EXERCISE OBJECTIVE |
Find and copy the lines in the records beneath this task that contain the word "height".
(GIVEN DATA begins)
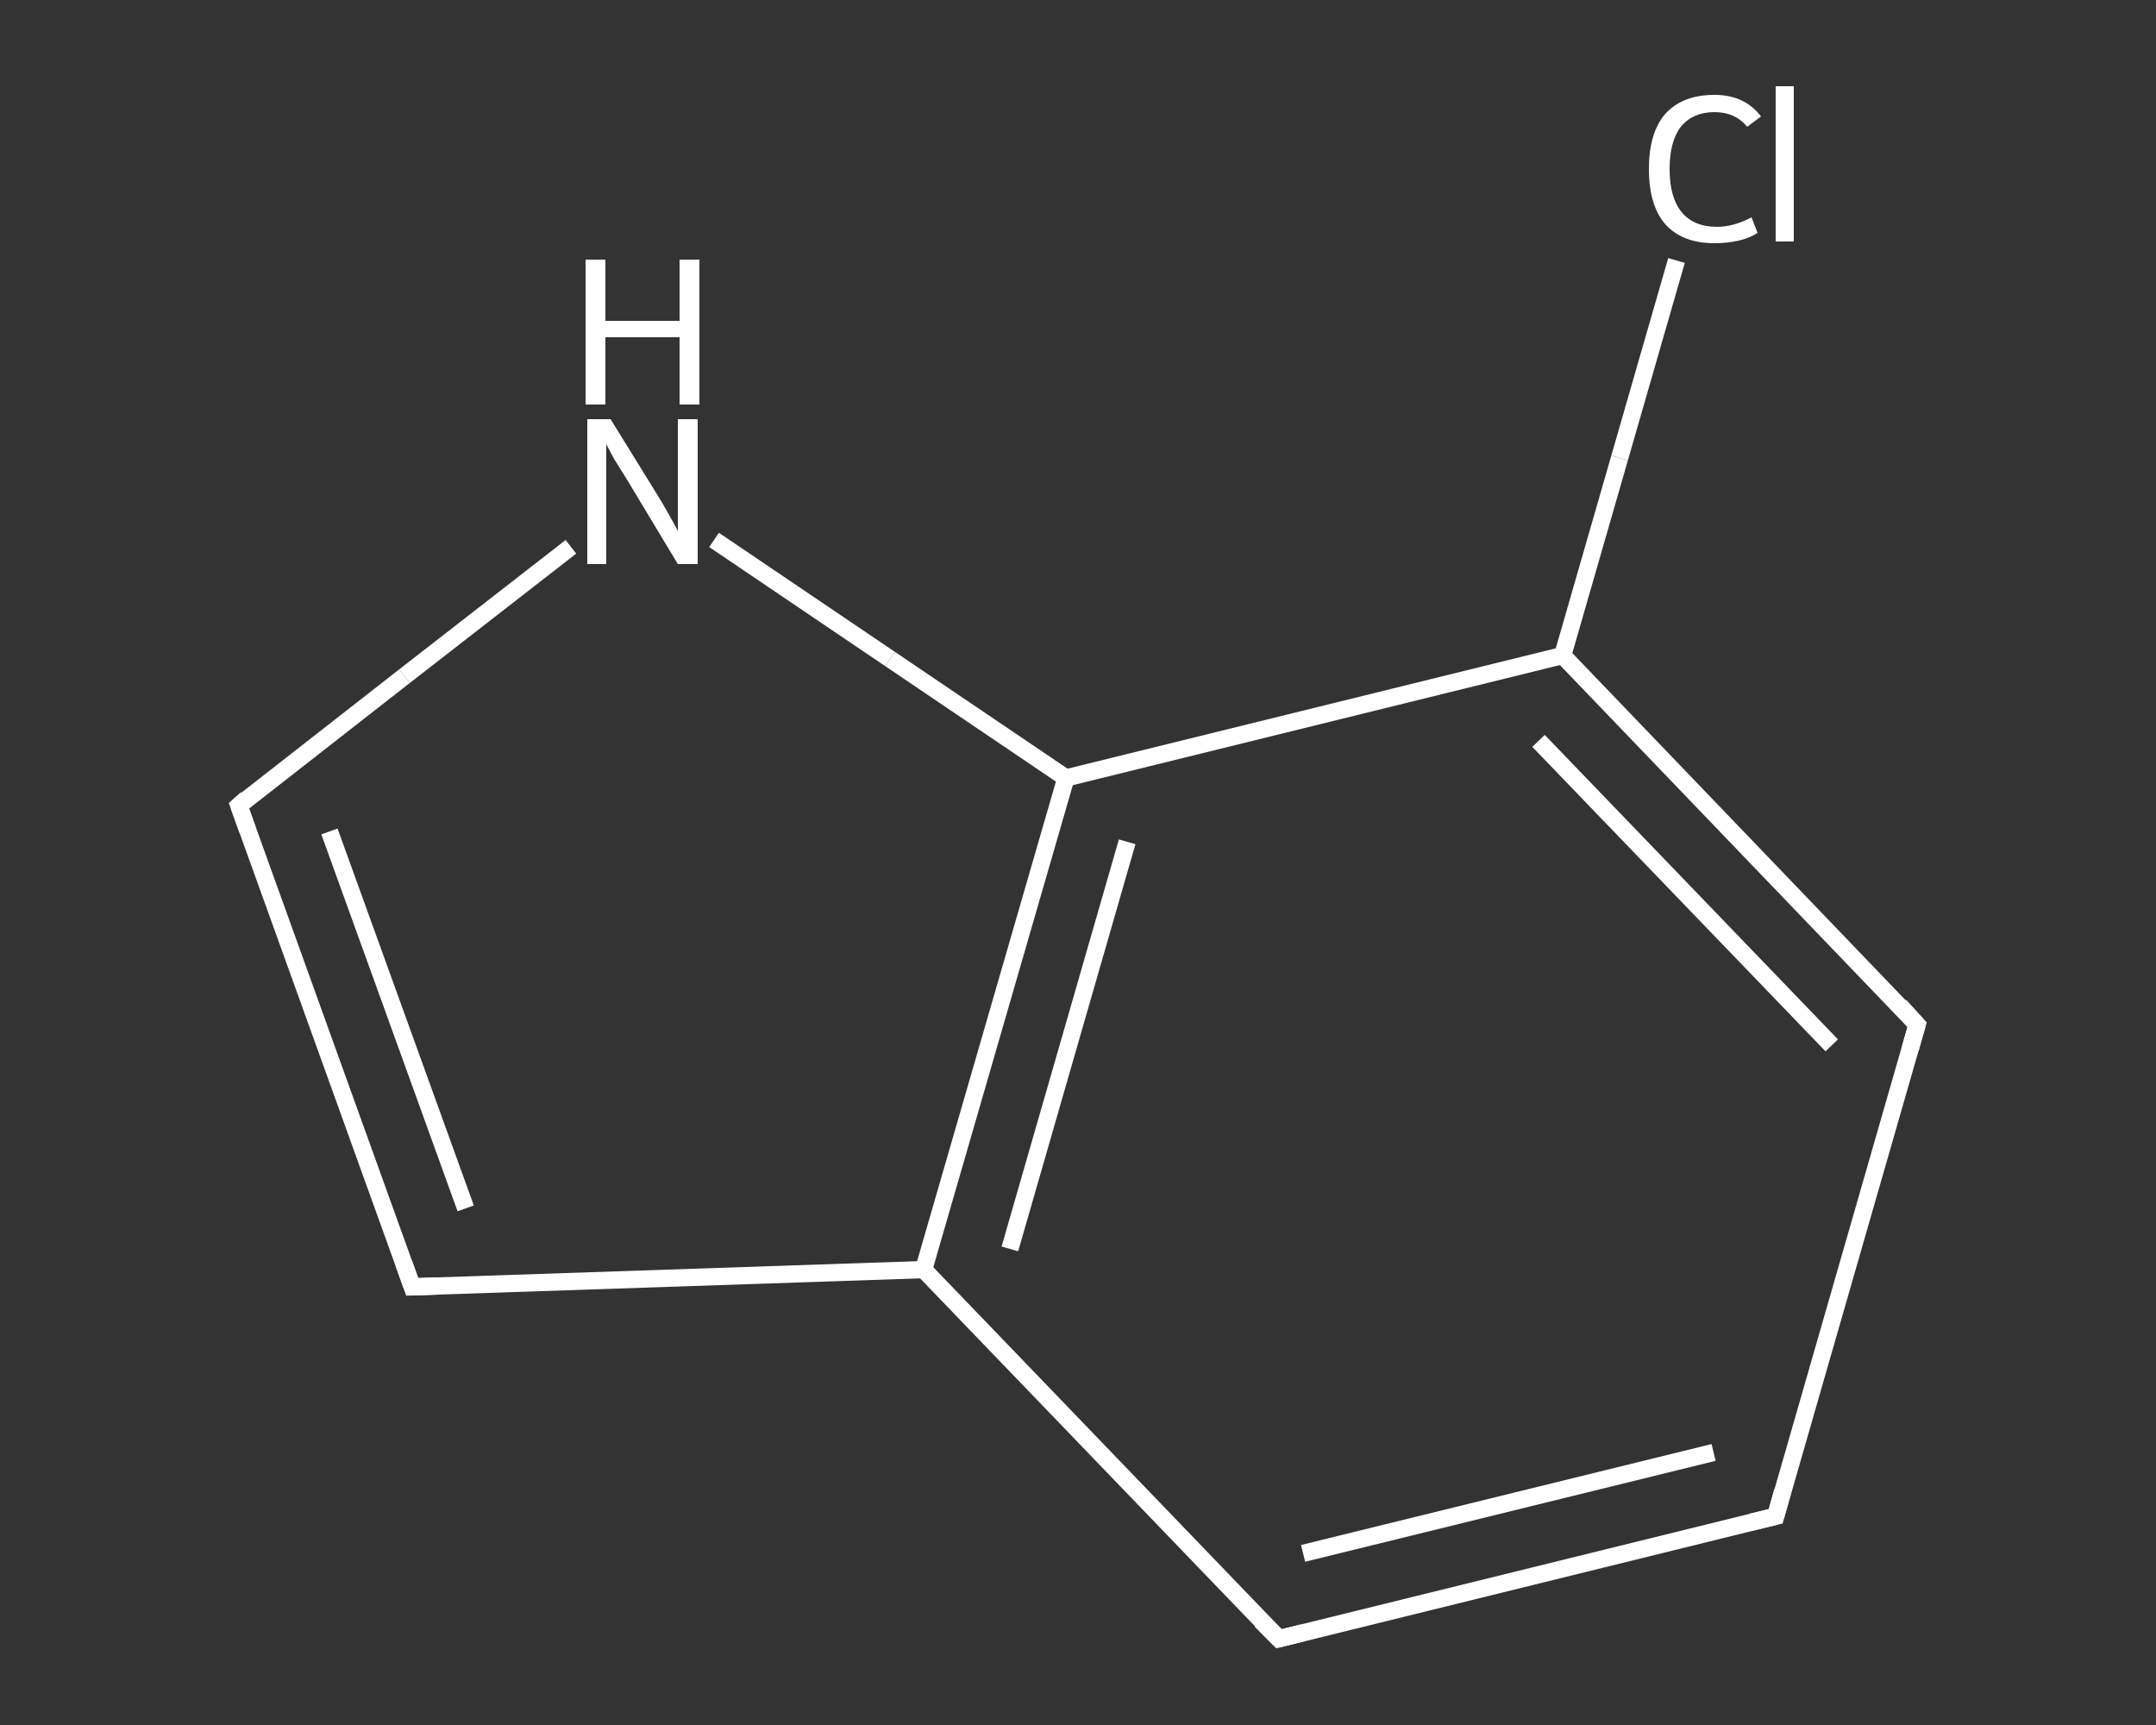<?xml version='1.0' encoding='iso-8859-1'?>
<svg version='1.1' baseProfile='full'
              xmlns='http://www.w3.org/2000/svg'
                      xmlns:rdkit='http://www.rdkit.org/xml'
                      xmlns:xlink='http://www.w3.org/1999/xlink'
                  xml:space='preserve'
width='250px' height='200px' viewBox='0 0 250 200'>
<rect x="0" y="0" width="250" height="200" fill="#333333" stroke="none"/>
<!-- END OF HEADER -->
<rect style='opacity:1.0;fill:transparent;stroke:none' width='250.0' height='200.0' x='0.0' y='0.0'> </rect>
<path class='bond-0 atom-0 atom-1' d='M 194.4,30.2 L 187.8,53.1' style='fill:none;fill-rule:evenodd;stroke:#FFFFFF;stroke-width:2.0px;stroke-linecap:butt;stroke-linejoin:miter;stroke-opacity:1' />
<path class='bond-0 atom-0 atom-1' d='M 187.8,53.1 L 181.2,76.0' style='fill:none;fill-rule:evenodd;stroke:#FFFFFF;stroke-width:2.0px;stroke-linecap:butt;stroke-linejoin:miter;stroke-opacity:1' />
<path class='bond-1 atom-1 atom-2' d='M 181.2,76.0 L 222.3,118.8' style='fill:none;fill-rule:evenodd;stroke:#FFFFFF;stroke-width:2.0px;stroke-linecap:butt;stroke-linejoin:miter;stroke-opacity:1' />
<path class='bond-1 atom-1 atom-2' d='M 178.4,85.9 L 212.4,121.2' style='fill:none;fill-rule:evenodd;stroke:#FFFFFF;stroke-width:2.0px;stroke-linecap:butt;stroke-linejoin:miter;stroke-opacity:1' />
<path class='bond-2 atom-2 atom-3' d='M 222.3,118.8 L 205.9,175.8' style='fill:none;fill-rule:evenodd;stroke:#FFFFFF;stroke-width:2.0px;stroke-linecap:butt;stroke-linejoin:miter;stroke-opacity:1' />
<path class='bond-3 atom-3 atom-4' d='M 205.9,175.8 L 148.3,190.0' style='fill:none;fill-rule:evenodd;stroke:#FFFFFF;stroke-width:2.0px;stroke-linecap:butt;stroke-linejoin:miter;stroke-opacity:1' />
<path class='bond-3 atom-3 atom-4' d='M 198.7,168.4 L 151.1,180.1' style='fill:none;fill-rule:evenodd;stroke:#FFFFFF;stroke-width:2.0px;stroke-linecap:butt;stroke-linejoin:miter;stroke-opacity:1' />
<path class='bond-4 atom-4 atom-5' d='M 148.3,190.0 L 107.1,147.2' style='fill:none;fill-rule:evenodd;stroke:#FFFFFF;stroke-width:2.0px;stroke-linecap:butt;stroke-linejoin:miter;stroke-opacity:1' />
<path class='bond-5 atom-5 atom-6' d='M 107.1,147.2 L 47.8,149.2' style='fill:none;fill-rule:evenodd;stroke:#FFFFFF;stroke-width:2.0px;stroke-linecap:butt;stroke-linejoin:miter;stroke-opacity:1' />
<path class='bond-6 atom-6 atom-7' d='M 47.8,149.2 L 27.7,93.4' style='fill:none;fill-rule:evenodd;stroke:#FFFFFF;stroke-width:2.0px;stroke-linecap:butt;stroke-linejoin:miter;stroke-opacity:1' />
<path class='bond-6 atom-6 atom-7' d='M 54.0,140.1 L 38.2,96.4' style='fill:none;fill-rule:evenodd;stroke:#FFFFFF;stroke-width:2.0px;stroke-linecap:butt;stroke-linejoin:miter;stroke-opacity:1' />
<path class='bond-7 atom-7 atom-8' d='M 27.7,93.4 L 46.9,78.4' style='fill:none;fill-rule:evenodd;stroke:#FFFFFF;stroke-width:2.0px;stroke-linecap:butt;stroke-linejoin:miter;stroke-opacity:1' />
<path class='bond-7 atom-7 atom-8' d='M 46.9,78.4 L 66.2,63.4' style='fill:none;fill-rule:evenodd;stroke:#FFFFFF;stroke-width:2.0px;stroke-linecap:butt;stroke-linejoin:miter;stroke-opacity:1' />
<path class='bond-8 atom-8 atom-9' d='M 82.8,62.6 L 103.2,76.4' style='fill:none;fill-rule:evenodd;stroke:#FFFFFF;stroke-width:2.0px;stroke-linecap:butt;stroke-linejoin:miter;stroke-opacity:1' />
<path class='bond-8 atom-8 atom-9' d='M 103.2,76.4 L 123.6,90.2' style='fill:none;fill-rule:evenodd;stroke:#FFFFFF;stroke-width:2.0px;stroke-linecap:butt;stroke-linejoin:miter;stroke-opacity:1' />
<path class='bond-9 atom-9 atom-1' d='M 123.6,90.2 L 181.2,76.0' style='fill:none;fill-rule:evenodd;stroke:#FFFFFF;stroke-width:2.0px;stroke-linecap:butt;stroke-linejoin:miter;stroke-opacity:1' />
<path class='bond-10 atom-9 atom-5' d='M 123.6,90.2 L 107.1,147.2' style='fill:none;fill-rule:evenodd;stroke:#FFFFFF;stroke-width:2.0px;stroke-linecap:butt;stroke-linejoin:miter;stroke-opacity:1' />
<path class='bond-10 atom-9 atom-5' d='M 130.7,97.6 L 117.1,144.8' style='fill:none;fill-rule:evenodd;stroke:#FFFFFF;stroke-width:2.0px;stroke-linecap:butt;stroke-linejoin:miter;stroke-opacity:1' />
<path d='M 220.3,116.6 L 222.3,118.8 L 221.5,121.6' style='fill:none;stroke:#FFFFFF;stroke-width:2.0px;stroke-linecap:butt;stroke-linejoin:miter;stroke-opacity:1;' />
<path d='M 206.7,172.9 L 205.9,175.8 L 203.0,176.5' style='fill:none;stroke:#FFFFFF;stroke-width:2.0px;stroke-linecap:butt;stroke-linejoin:miter;stroke-opacity:1;' />
<path d='M 151.1,189.3 L 148.3,190.0 L 146.2,187.9' style='fill:none;stroke:#FFFFFF;stroke-width:2.0px;stroke-linecap:butt;stroke-linejoin:miter;stroke-opacity:1;' />
<path d='M 50.8,149.1 L 47.8,149.2 L 46.8,146.4' style='fill:none;stroke:#FFFFFF;stroke-width:2.0px;stroke-linecap:butt;stroke-linejoin:miter;stroke-opacity:1;' />
<path d='M 28.7,96.2 L 27.7,93.4 L 28.6,92.6' style='fill:none;stroke:#FFFFFF;stroke-width:2.0px;stroke-linecap:butt;stroke-linejoin:miter;stroke-opacity:1;' />
<path class='atom-0' d='M 191.2 19.6
Q 191.2 15.4, 193.1 13.2
Q 195.1 11.0, 198.8 11.0
Q 202.3 11.0, 204.2 13.5
L 202.6 14.7
Q 201.2 13.0, 198.8 13.0
Q 196.3 13.0, 194.9 14.7
Q 193.6 16.4, 193.6 19.6
Q 193.6 22.9, 195.0 24.6
Q 196.4 26.3, 199.1 26.3
Q 201.0 26.3, 203.1 25.2
L 203.8 27.0
Q 202.9 27.6, 201.6 27.9
Q 200.2 28.2, 198.8 28.2
Q 195.1 28.2, 193.1 26.0
Q 191.2 23.8, 191.2 19.6
' fill='#FFFFFF'/>
<path class='atom-0' d='M 205.9 10.0
L 208.0 10.0
L 208.0 28.0
L 205.9 28.0
L 205.9 10.0
' fill='#FFFFFF'/>
<path class='atom-8' d='M 70.8 48.6
L 76.3 57.5
Q 76.8 58.3, 77.7 59.9
Q 78.6 61.5, 78.6 61.6
L 78.6 48.6
L 80.9 48.6
L 80.9 65.4
L 78.6 65.4
L 72.7 55.6
Q 72.0 54.5, 71.2 53.2
Q 70.5 51.9, 70.3 51.5
L 70.3 65.4
L 68.1 65.4
L 68.1 48.6
L 70.8 48.6
' fill='#FFFFFF'/>
<path class='atom-8' d='M 67.9 30.1
L 70.2 30.1
L 70.2 37.2
L 78.8 37.2
L 78.8 30.1
L 81.1 30.1
L 81.1 46.9
L 78.8 46.9
L 78.8 39.1
L 70.2 39.1
L 70.2 46.9
L 67.9 46.9
L 67.9 30.1
' fill='#FFFFFF'/>
</svg>
(GIVEN DATA ends)
EXERCISE OUTPUT |
width='250px' height='200px' viewBox='0 0 250 200'>
<rect x="0" y="0" width="250" height="200" fill="#333333" stroke="none"/>
<rect style='opacity:1.0;fill:transparent;stroke:none' width='250.0' height='200.0' x='0.0' y='0.0'> </rect>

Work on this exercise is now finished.